Это обстоятельство встревожило протодьякона, и он обратился ко мне по этому поводу. Я, конечно, все разъяснил ему.

В. Г. Науменко — полковнику Ф. И. Елисееву

(из писем от 24 февраля и 16 марта 1949 года).

<…> В нашем лагере, где немного казаков, мы всегда служим панихиды и по Краснову, и по Шкуро и по всем другим умученным, в том числе и по Рабе Божием Келече. Хотя он и мусульманин, но ведь Бог-то один. Наша церковь молится за всех, душу свою отдавших за братьев своих. Виделся я с ним в последние месяцы в Берлине, и так душевно мы с ним говорили обо всем, так хорошо он держал себя, как казак.

Султан… все время держался в стороне и уже при англичанах вступил в командование Северо-Кавказской горской дивизией. Это было за несколько дней до выдачи всех, то есть в двадцатых числах мая 1945 года. Уже тогда было видно, чем дело окончится.

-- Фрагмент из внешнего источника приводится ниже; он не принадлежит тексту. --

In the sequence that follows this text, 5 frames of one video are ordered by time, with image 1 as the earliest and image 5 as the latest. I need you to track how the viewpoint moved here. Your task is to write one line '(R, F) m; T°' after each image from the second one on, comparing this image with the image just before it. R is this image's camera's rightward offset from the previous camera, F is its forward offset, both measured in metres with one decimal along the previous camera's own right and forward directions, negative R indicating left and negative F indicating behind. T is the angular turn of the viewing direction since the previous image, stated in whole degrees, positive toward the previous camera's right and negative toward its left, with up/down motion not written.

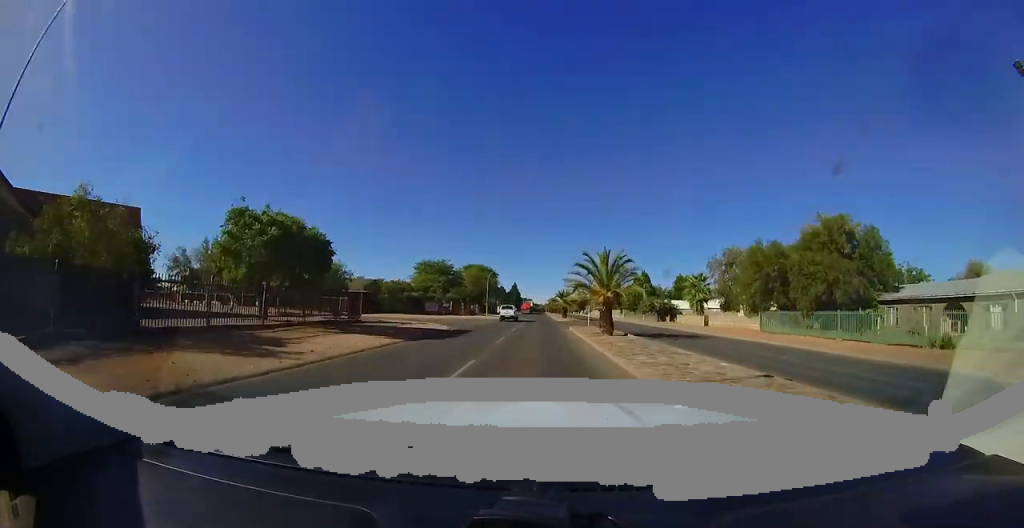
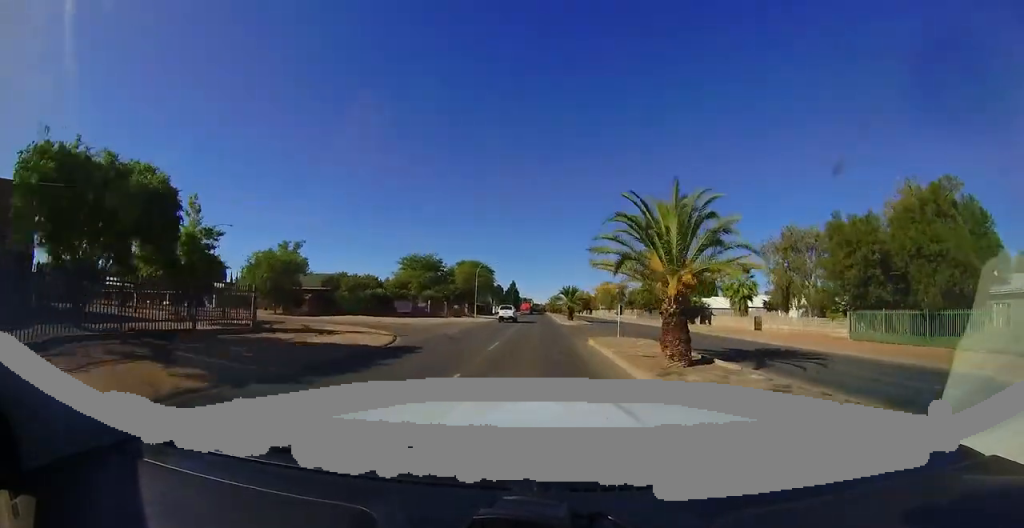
(+0.1, +10.1) m; 0°
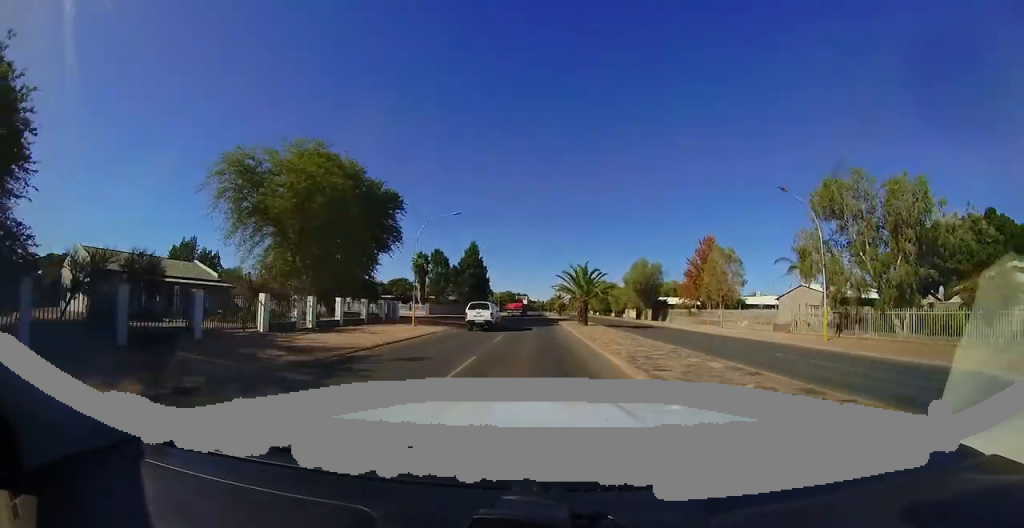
(-0.7, +78.2) m; +1°
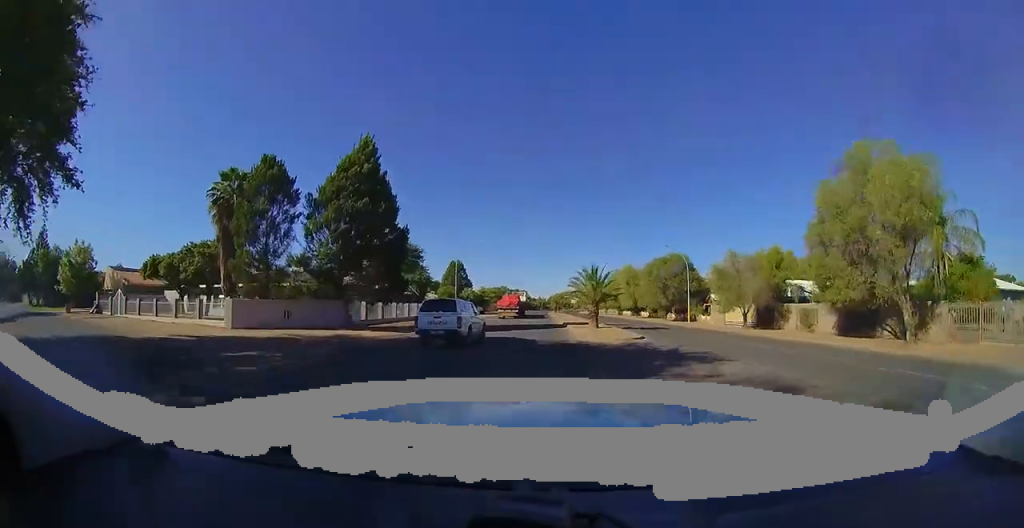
(-0.2, +38.2) m; 0°
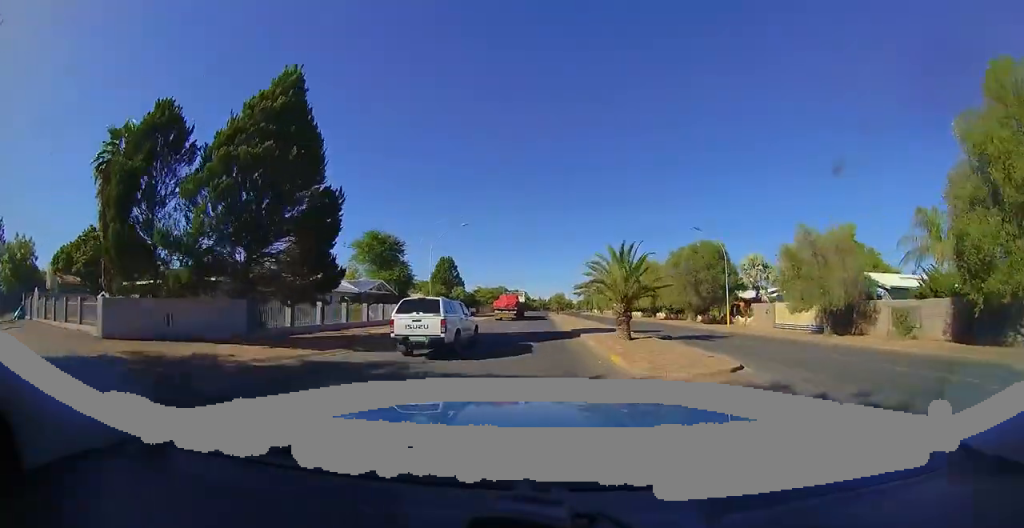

Служим и по Рабе Божием Гельмуте — это по Паннвицу, который действительно благородно держал себя до конца и закончил свою жизнь на той самой московской плахе, на которой много голов «скатилось с удалых плеч казачьих». Вечная им память, а наша боль душевная по ним никогда не утихнет.

О памятном знаке Лиенца

В 40—50-х годах в своих письмах к Атаману Науменко казаки высказывали пожелание об организации «общества лиенцевцев» в США и в других странах их расселения. Один из них, Василий Васильевич Мухин, наряду с установлением контактов, сбором исторического материала, подготовкой к юбилейной, 1955 года, выставке, предложил «выпустить нагрудный значок для оставшихся в живых лиенцев».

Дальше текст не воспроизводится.